As the simulation runs, the ants are generating all sorts of data that should probably be recorded somewhere. This is a bit of a challenge because there is no single entity that knows the state of the entire system at any given time, so you can’t just record a sample of the state of the simulation somewhere every once in a while.
So, I decided that ants should be responsible for reporting their own movements and should report the pheromone strength changes they make. For a couple of reasons that don’t totally make sense, I decided to create one file per ant, and have the ants log timestamped (wall clock time) events to those files. So, for a 2000 ant simulation, I end up with 2000 ant-event files on disk somewhere.
There are all sorts of things wrong with the one file per ant approach.
The biggest is speed. Having one file per ant means I have to merge all of these ant-event files before making a visualization. These files can get large so this is a slow process (and memory intensive if you write your script poorly (oops)).
Other than speed, one file per ant puts an upper limit on the number of ants I can simulate at a time because I can’t open an unlimited number of files on any sort of machine. I won’t even mention the strange I/O behavior.
Fortunately, computers are fast, events are small, and I have a decent amount of memory in my laptop, so this technique was “fast enough” given the scope of the project.
Making the Video
Ants are moving all the time in an uncoordinated manner, moving a lot, and sometimes moving at exactly the same time so there isn’t a totally obvious way to decide when to draw a video frame. I took 100 miliseconds worth of simulation data (timestamps are in real earth time) and used the last position of every ant in that time slice to make a frame.
MoviePy makes the rest really easy. All I have to do is build a frame by populating a numpy array, and throw that array at MoviePy. MoviePy treats that like an array of pixels and spits out a video that plays some number of frames per second.
The naive model of any movement I used almost works. If I were to improve the pheromone propagation mechanism and add changing food supplies, I suspect the behavior would become a bit more interesting. Another next step would be the addition of some obstacles on the grid so that the “always favor moving away” approach would fail, necessitating a more intricate “looking for food” mechanism.
Erlang is an interesting language and I’m glad I had an opportunity to fiddle with it, but some of its peculiarities can be annoying. First of all, the lack of static typing is a pain (I know about dialyzer). It is also difficult to do things like prioritize certain messages over others (if I want to shut down the simulation, I want my stop message to take precedence over anything else), and badly behaving actors can create strange situations. For example, it is possible that some misbehaving actor can fly in and start sending wakeup_and_move messages to ants while they are executing the 8 step move and confuse the ant, the cell the ant is trying to move to, and the cell the ant is currently on. Despite its oddities, the language and the VM are super cool and I would use them again when appropriate.

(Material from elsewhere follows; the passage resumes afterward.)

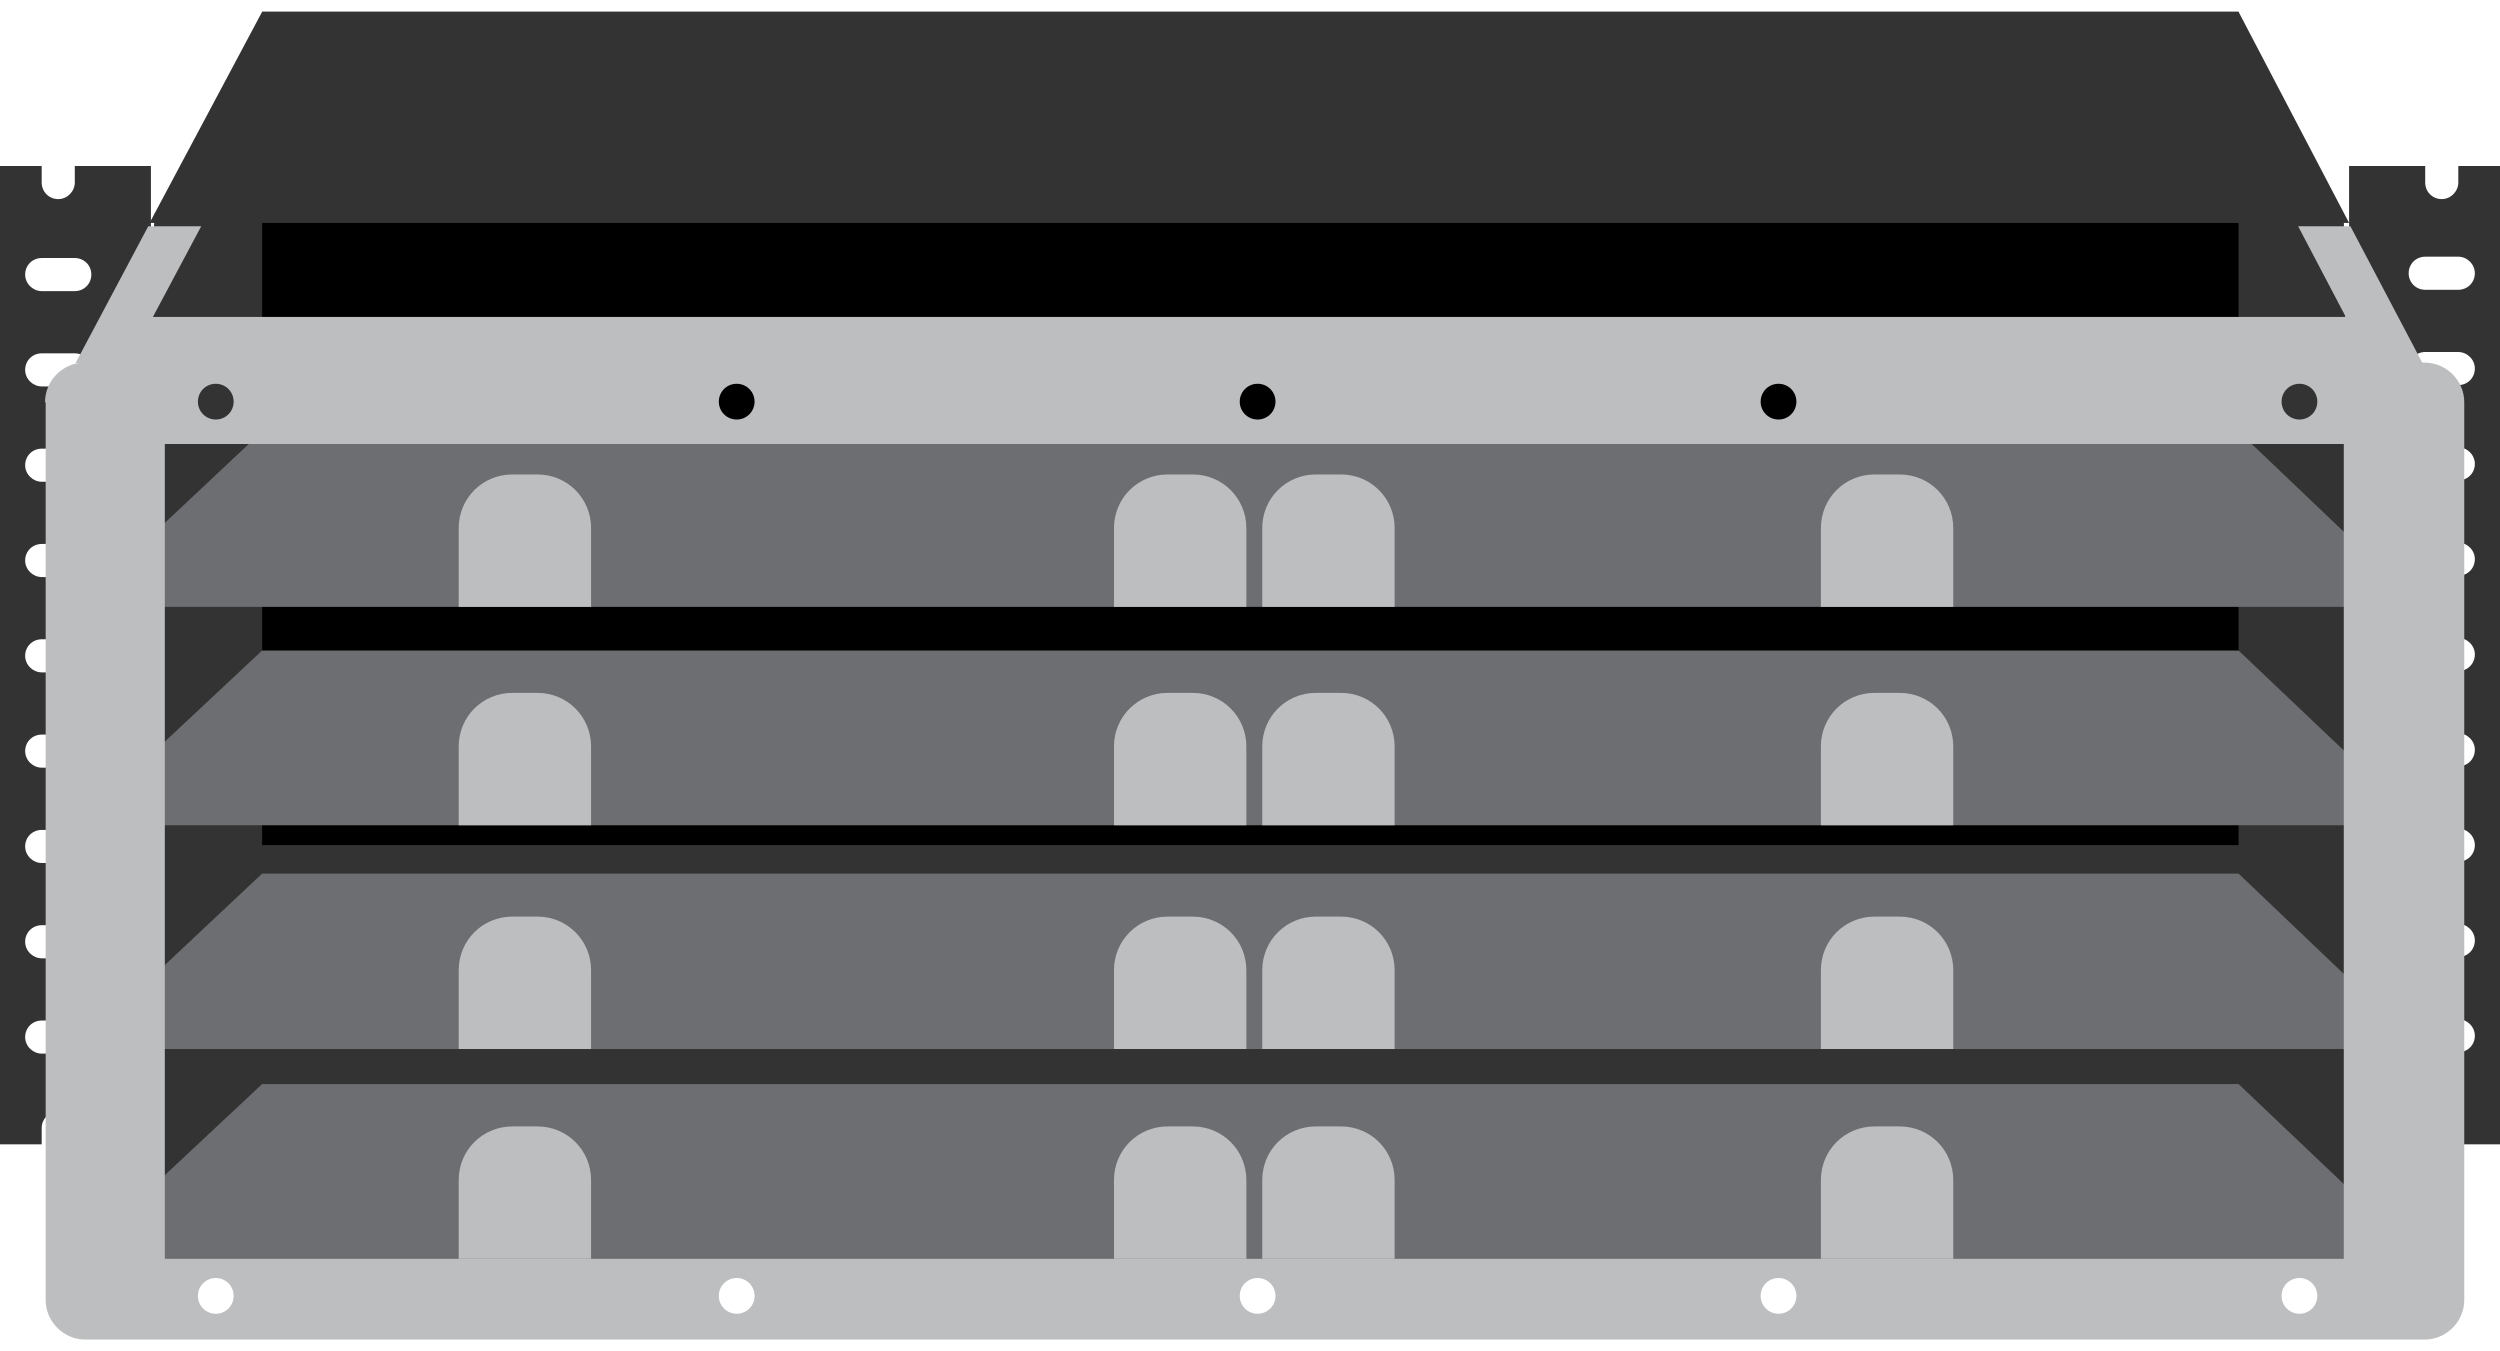 <?xml version="1.0" encoding="UTF-8"?><svg xmlns="http://www.w3.org/2000/svg" id="Layer_26480e2e64b965" viewBox="0 0 37.77 20.06" aria-hidden="true" width="37px" height="20px"><defs><linearGradient class="cerosgradient" data-cerosgradient="true" id="CerosGradient_idf9a296825" gradientUnits="userSpaceOnUse" x1="50%" y1="100%" x2="50%" y2="0%"><stop offset="0%" stop-color="#d1d1d1"/><stop offset="100%" stop-color="#d1d1d1"/></linearGradient><linearGradient/><style>.cls-1-6480e2e64b965{fill:#333;}.cls-2-6480e2e64b965{fill:#6d6e71;}.cls-3-6480e2e64b965{fill:#bcbec0;}</style></defs><g id="Bar6480e2e64b965"><path class="cls-1-6480e2e64b965" d="m1.13,2.33v.25c0,.13-.11.25-.25.25s-.25-.11-.25-.25v-.25h-.63v14.78h.63v-.25c0-.13.11-.25.25-.25s.25.11.25.25v.25h1.15V2.33h-1.15Zm0,13.41h-.5c-.13,0-.25-.11-.25-.25s.11-.25.25-.25h.5c.14,0,.25.11.25.25s-.11.25-.25.25Zm0-1.44h-.5c-.13,0-.25-.11-.25-.25s.11-.25.25-.25h.5c.14,0,.25.11.25.25s-.11.25-.25.25Zm0-1.44h-.5c-.13,0-.25-.11-.25-.25s.11-.25.25-.25h.5c.14,0,.25.11.25.25s-.11.25-.25.25Zm0-1.44h-.5c-.13,0-.25-.11-.25-.25s.11-.25.25-.25h.5c.14,0,.25.11.25.25s-.11.25-.25.25Zm0-1.44h-.5c-.13,0-.25-.11-.25-.25s.11-.25.25-.25h.5c.14,0,.25.11.25.25s-.11.25-.25.25Zm0-1.44h-.5c-.13,0-.25-.11-.25-.25s.11-.25.25-.25h.5c.14,0,.25.11.25.25s-.11.25-.25.25Zm0-1.44h-.5c-.13,0-.25-.11-.25-.25s.11-.25.25-.25h.5c.14,0,.25.11.25.25s-.11.25-.25.25Zm0-1.44h-.5c-.13,0-.25-.11-.25-.25s.11-.25.25-.25h.5c.14,0,.25.11.25.25s-.11.25-.25.25Zm0-1.44h-.5c-.13,0-.25-.11-.25-.25s.11-.25.25-.25h.5c.14,0,.25.11.25.25s-.11.25-.25.25Z"/><path class="cls-1-6480e2e64b965" d="m36.64,17.11v-.25c0-.13.11-.25.25-.25s.25.11.25.25v.25h.63V2.33h-.63v.25c0,.13-.11.25-.25.25s-.25-.11-.25-.25v-.25h-1.15v14.78h1.15Zm0-13.41h.5c.13,0,.25.11.25.25s-.11.25-.25.25h-.5c-.14,0-.25-.11-.25-.25s.11-.25.25-.25Zm0,1.44h.5c.13,0,.25.11.25.25s-.11.25-.25.25h-.5c-.14,0-.25-.11-.25-.25s.11-.25.25-.25Zm0,1.44h.5c.13,0,.25.11.25.25s-.11.25-.25.25h-.5c-.14,0-.25-.11-.25-.25s.11-.25.25-.25Zm0,1.44h.5c.13,0,.25.11.25.25s-.11.25-.25.25h-.5c-.14,0-.25-.11-.25-.25s.11-.25.25-.25Zm0,1.44h.5c.13,0,.25.11.25.25s-.11.25-.25.25h-.5c-.14,0-.25-.11-.25-.25s.11-.25.25-.25Zm0,1.44h.5c.13,0,.25.11.25.25s-.11.25-.25.25h-.5c-.14,0-.25-.11-.25-.25s.11-.25.25-.25Zm0,1.44h.5c.13,0,.25.11.25.25s-.11.25-.25.25h-.5c-.14,0-.25-.11-.25-.25s.11-.25.25-.25Zm0,1.44h.5c.13,0,.25.11.25.25s-.11.25-.25.25h-.5c-.14,0-.25-.11-.25-.25s.11-.25.25-.25Zm0,1.44h.5c.13,0,.25.11.25.25s-.11.25-.25.25h-.5c-.14,0-.25-.11-.25-.25s.11-.25.25-.25Z"/><polygon class="cls-1-6480e2e64b965" points="35.69 18.84 1.3 18.84 2.34 3.04 35.41 3.13 35.69 18.84"/><rect x="3.96" width="29.86" height="12.59"/><polygon class="cls-1-6480e2e64b965" points="35.49 3.19 33.82 0 3.96 0 2.26 3.19 35.49 3.19"/><polygon class="cls-3-6480e2e64b965" points="34.72 3.24 35.44 4.61 2.31 4.61 3.04 3.24 2.24 3.24 1.14 5.31 36.6 5.31 35.51 3.24 34.72 3.24"/><polygon class="cls-2-6480e2e64b965" points="3.96 6.34 1.14 8.99 36.6 8.99 33.82 6.34 3.96 6.34"/><path class="cls-3-6480e2e64b965" d="m8.93,8.99h-2v-1.19c0-.45.36-.81.81-.81h.38c.45,0,.81.36.81.81v1.19Z"/><path class="cls-3-6480e2e64b965" d="m18.83,8.99h-2v-1.19c0-.45.36-.81.81-.81h.38c.45,0,.81.36.81.81v1.19Z"/><path class="cls-3-6480e2e64b965" d="m29.51,8.99h-2v-1.19c0-.45.36-.81.81-.81h.38c.45,0,.81.36.81.81v1.19Z"/><path class="cls-3-6480e2e64b965" d="m21.07,8.99h-2v-1.19c0-.45.36-.81.81-.81h.38c.45,0,.81.36.81.81v1.19Z"/><polygon class="cls-2-6480e2e64b965" points="3.96 9.65 1.14 12.29 36.6 12.29 33.82 9.65 3.96 9.65"/><path class="cls-3-6480e2e64b965" d="m8.93,12.29h-2v-1.19c0-.45.36-.81.81-.81h.38c.45,0,.81.36.81.81v1.19Z"/><path class="cls-3-6480e2e64b965" d="m18.83,12.29h-2v-1.19c0-.45.36-.81.81-.81h.38c.45,0,.81.36.81.81v1.19Z"/><path class="cls-3-6480e2e64b965" d="m21.07,12.29h-2v-1.19c0-.45.36-.81.81-.81h.38c.45,0,.81.36.81.81v1.19Z"/><path class="cls-3-6480e2e64b965" d="m29.51,12.29h-2v-1.19c0-.45.36-.81.81-.81h.38c.45,0,.81.36.81.81v1.19Z"/><polygon class="cls-2-6480e2e64b965" points="3.96 13.02 1.14 15.67 36.6 15.67 33.82 13.02 3.96 13.02"/><path class="cls-3-6480e2e64b965" d="m8.93,15.67h-2v-1.19c0-.45.36-.81.81-.81h.38c.45,0,.81.36.81.81v1.19Z"/><path class="cls-3-6480e2e64b965" d="m18.83,15.67h-2v-1.19c0-.45.36-.81.81-.81h.38c.45,0,.81.36.81.81v1.19Z"/><path class="cls-3-6480e2e64b965" d="m21.07,15.67h-2v-1.19c0-.45.36-.81.81-.81h.38c.45,0,.81.36.81.81v1.19Z"/><path class="cls-3-6480e2e64b965" d="m29.51,15.67h-2v-1.19c0-.45.36-.81.81-.81h.38c.45,0,.81.36.81.81v1.19Z"/><polygon class="cls-2-6480e2e64b965" points="3.96 16.2 1.14 18.84 36.6 18.84 33.82 16.2 3.96 16.2"/><path class="cls-3-6480e2e64b965" d="m8.93,18.84h-2v-1.19c0-.45.36-.81.81-.81h.38c.45,0,.81.36.81.81v1.19Z"/><path class="cls-3-6480e2e64b965" d="m18.83,18.84h-2v-1.19c0-.45.36-.81.81-.81h.38c.45,0,.81.36.81.81v1.19Z"/><path class="cls-3-6480e2e64b965" d="m21.07,18.84h-2v-1.19c0-.45.36-.81.81-.81h.38c.45,0,.81.36.81.81v1.19Z"/><path class="cls-3-6480e2e64b965" d="m29.51,18.84h-2v-1.19c0-.45.36-.81.81-.81h.38c.45,0,.81.36.81.81v1.19Z"/><path class="cls-3-6480e2e64b965" d="m.69,5.9v13.56c0,.33.27.6.6.6h35.34c.33,0,.6-.27.6-.6V5.9c0-.33-.27-.6-.6-.6H1.28c-.33,0-.6.27-.6.6Zm34.05-.28c.15,0,.27.12.27.27s-.12.27-.27.27-.27-.12-.27-.27.12-.27.27-.27Zm-7.87,0c.15,0,.27.12.27.27s-.12.27-.27.27-.27-.12-.27-.27.12-.27.27-.27Zm-7.87,0c.15,0,.27.12.27.27s-.12.27-.27.27-.27-.12-.27-.27.12-.27.27-.27Zm-7.87,0c.15,0,.27.12.27.27s-.12.27-.27.27-.27-.12-.27-.27.12-.27.27-.27Zm-7.87,0c.15,0,.27.12.27.27s-.12.27-.27.27-.27-.12-.27-.27.12-.27.27-.27Zm0,14.05c-.15,0-.27-.12-.27-.27s.12-.27.27-.27.27.12.27.27-.12.27-.27.27Zm7.87,0c-.15,0-.27-.12-.27-.27s.12-.27.27-.27.27.12.27.27-.12.27-.27.27Zm7.87,0c-.15,0-.27-.12-.27-.27s.12-.27.27-.27.27.12.27.27-.12.27-.27.27Zm7.87,0c-.15,0-.27-.12-.27-.27s.12-.27.27-.27.27.12.27.27-.12.27-.27.27Zm7.87,0c-.15,0-.27-.12-.27-.27s.12-.27.27-.27.27.12.27.27-.12.27-.27.27Zm.68-.83H2.49V6.53h32.92v12.31Z"/></g></svg>

Unfortunately, I would not say that this project was particularly appropriate for Erlang. The actor model was an interesting way to think about ants and cells, but the problem doesn’t quite fit Erlang’s strengths as a fault-tolerant language for distributed systems. There is a possibility that the distributed nature of Erlang might enable some interesting simulation sort of things, but there is little reason to take advantage of the fault tolerance in a project like this. Additionally, there are others ways to implement a simulation like this which mitigate many of the issues I encountered along the way (but might introduce other ones).
Overall, this was a fun project and I’m glad to have gotten to work on it.
The buggy, messy code is on github.
I like my ants like I like my editors.